Normal gebelik ve laktasyon: Bazı çalışmalar, gebelikte vertebra ve kalçada yaklaşık %5 kemik kaybı olduğunu
göstermiştir. Laktasyonun 3-6 ayında vertebra ve kalçada %3-10 kemik kaybı görülür. Parathyroid-related
hormone (PTHrP) süt verenlerin meme dokusundan salgılanır ve laktasyondaki kadınların hızlı kemik kaybından
sorumludur. Laktasyonun kesilmesini takiben 18 aydan sonra kemik kitlesi normale döner. Kemik dansitesinde
değişikliklere rağmen, normal gebelik ve laktasyonda ostoporoz nadirdir. Kemik kayıpları tam olarak bir daha
tekrarlamamak üzere normale döner.
Kalçanın geçici osteoporozu: Bu hastalık nadir ve farklı bir iskelet hastalığıdır, kadın ve erkeklerde fakat sıklıkla
kadınlarda gebeliğin üçüncü trimestrinde görülür.

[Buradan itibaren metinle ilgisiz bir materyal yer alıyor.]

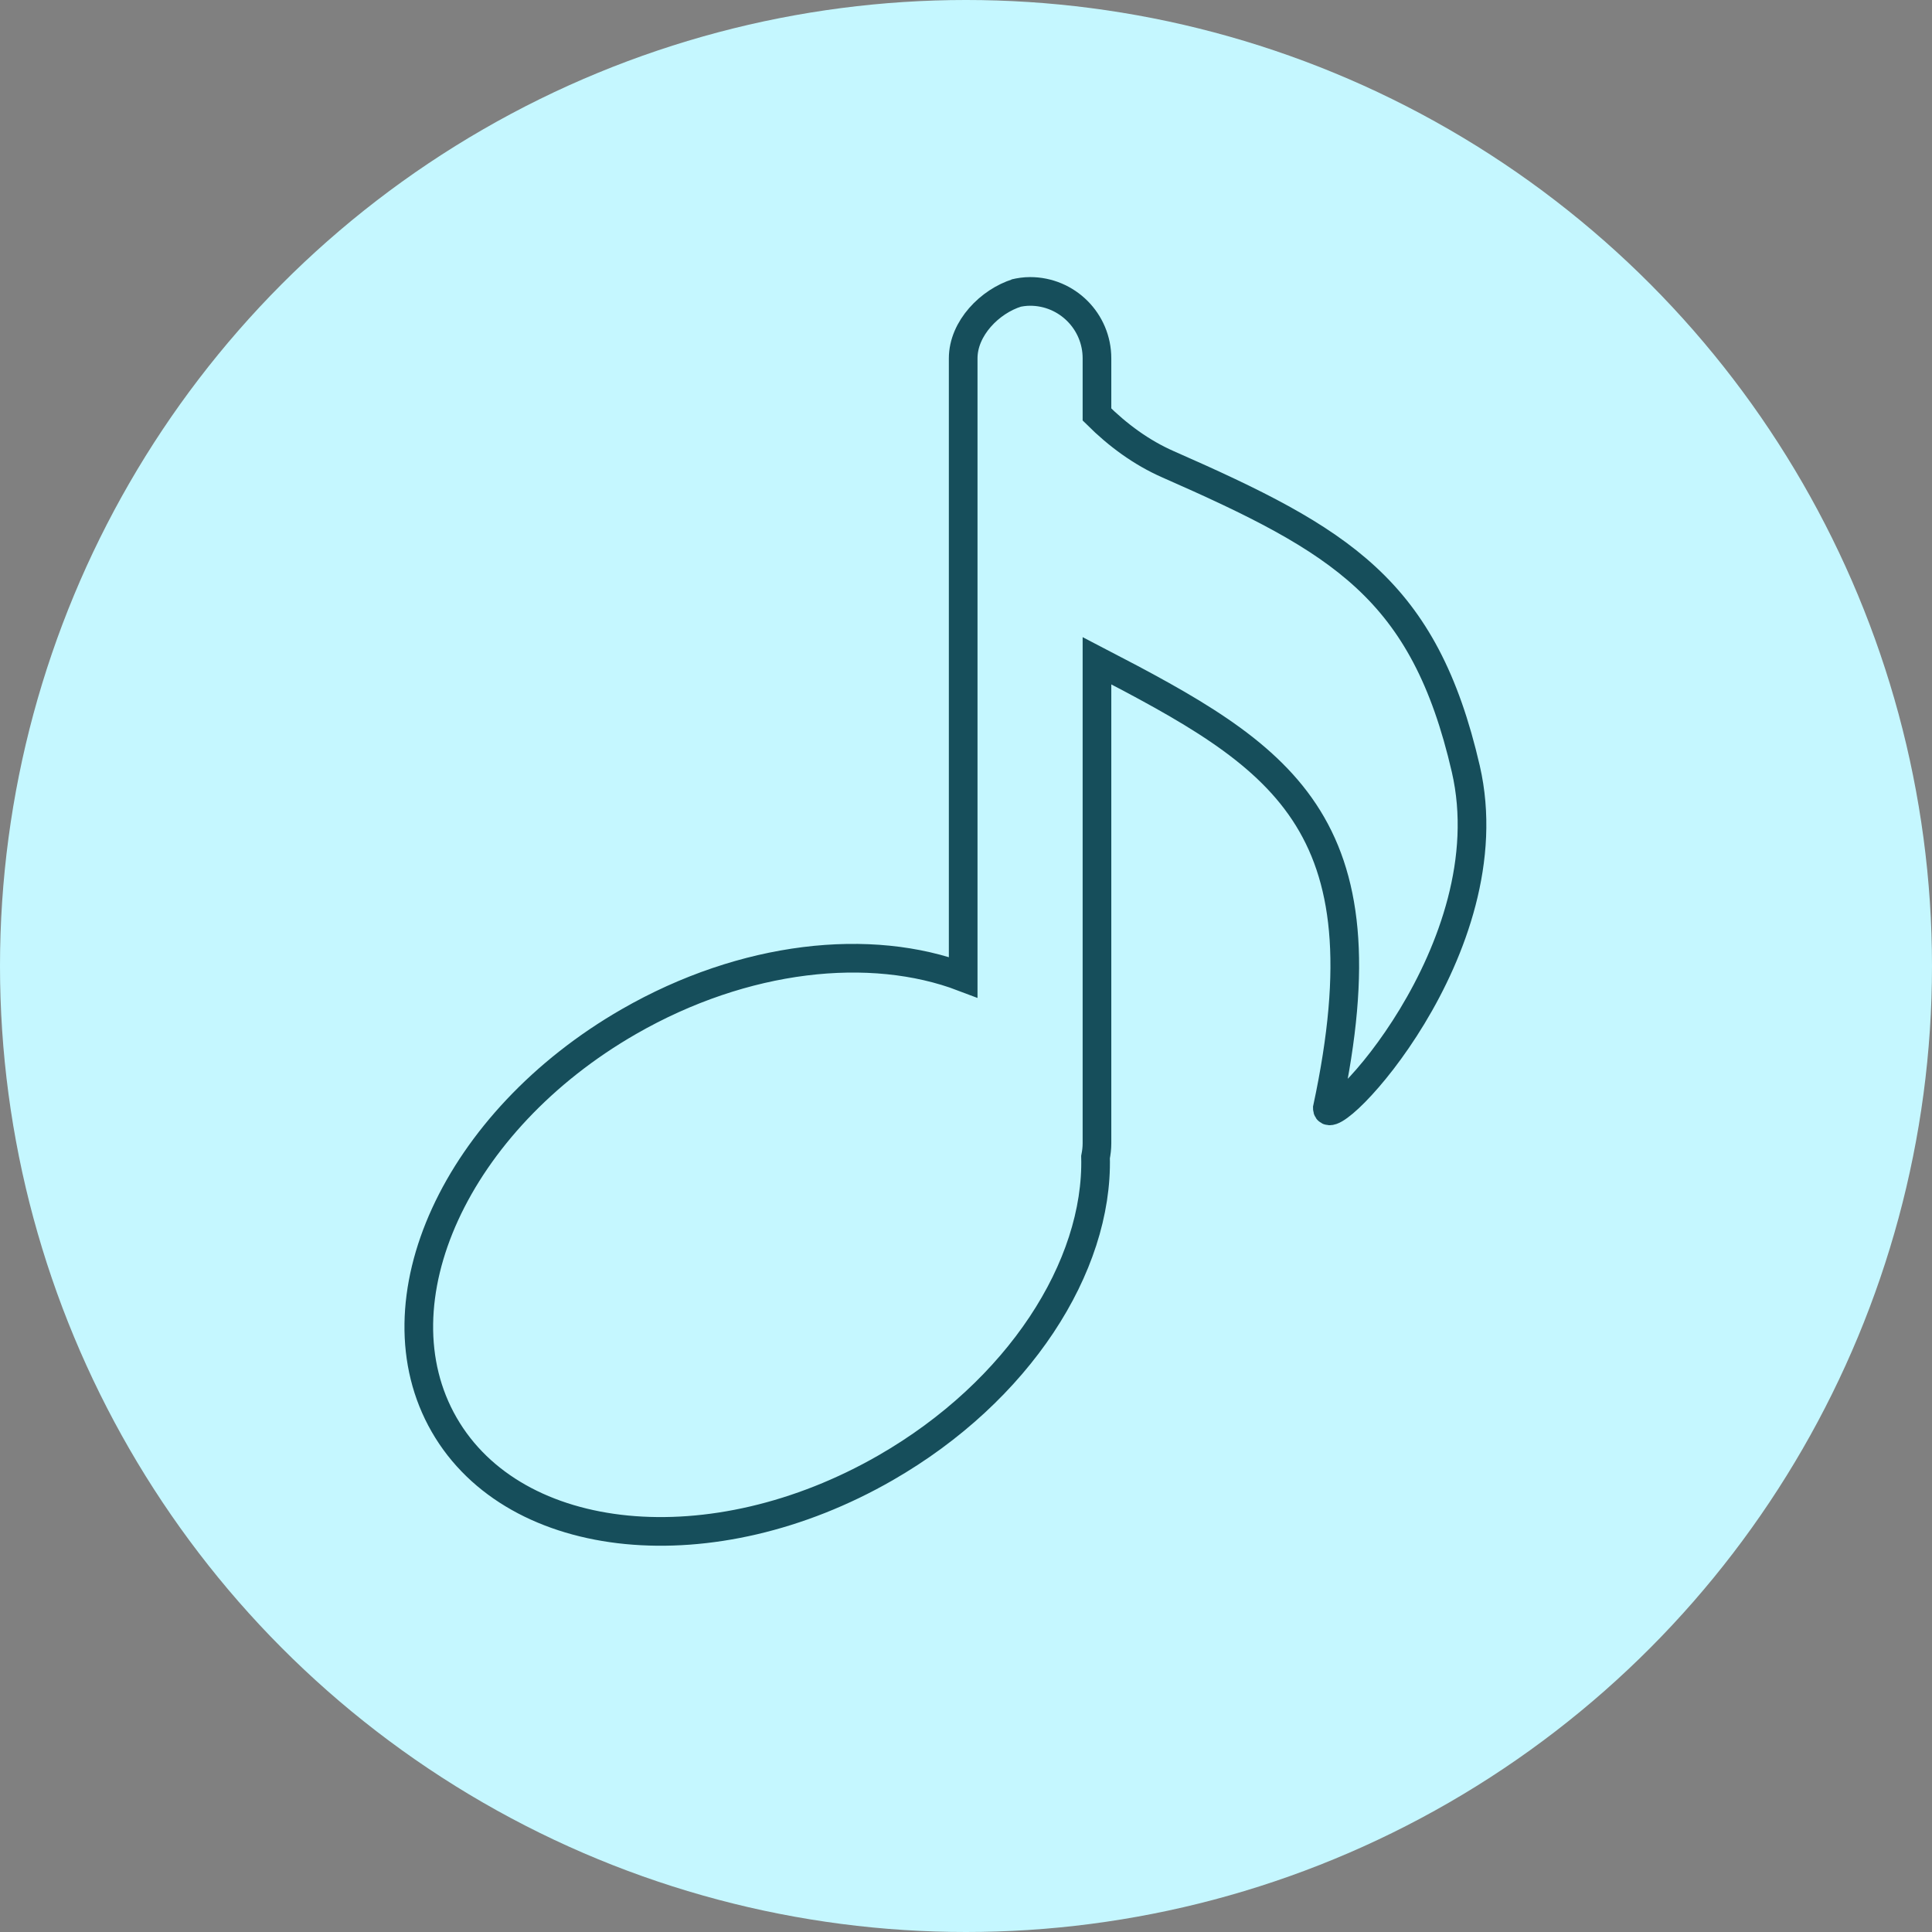 <svg xmlns="http://www.w3.org/2000/svg" id="FRG" viewBox="0 0 404.48 404.48"><rect x="0" y="0" width="404.48" height="404.48" fill="#808080" stroke="none"/><defs><style>      .cls-1 {        fill: none;        stroke: #164e5b;        stroke-miterlimit: 10;        stroke-width: 6px;      }      .cls-2 {        fill: #c5f7ff;        stroke-width: 0px;      }    </style></defs><circle class="cls-2" cx="202.24" cy="202.24" r="202.24"></circle><path class="cls-1" d="m212.94,61.31c-5.7,1.77-11.29,7.42-11.29,13.71v129.56c-19.35-7.36-45.8-4.6-69.98,9.3-36.2,20.82-53.52,58.61-38.68,84.4,14.84,25.8,56.21,29.84,92.41,9.02,27.88-16.03,44.54-42.13,43.96-65.06.18-.91.3-1.86.3-2.87v-101.04c38.49,19.98,61.16,33.34,48.23,93.67,0,5.8,37.68-33.33,28.99-71.02-8.7-37.68-26.09-47.83-62.33-63.77-5.57-2.45-10.5-6.07-14.89-10.43v-11.77c0-7.73-6.27-14-14-14-1.11,0-2.18.16-3.21.41"></path></svg>

Travma olmadan unilateral veya bilateral kalça ağrısı vardır
ve MRG, femur başı ve boynunda avasküler nekrozdan farklı kemik iliği ödemi gösterir. Bazılarında femoral kırık
görülmekle beraber, diğerleri, kırıklar olmadan post partum 6 aydan sonra iyileşirler. Sebebi bilinmiyor.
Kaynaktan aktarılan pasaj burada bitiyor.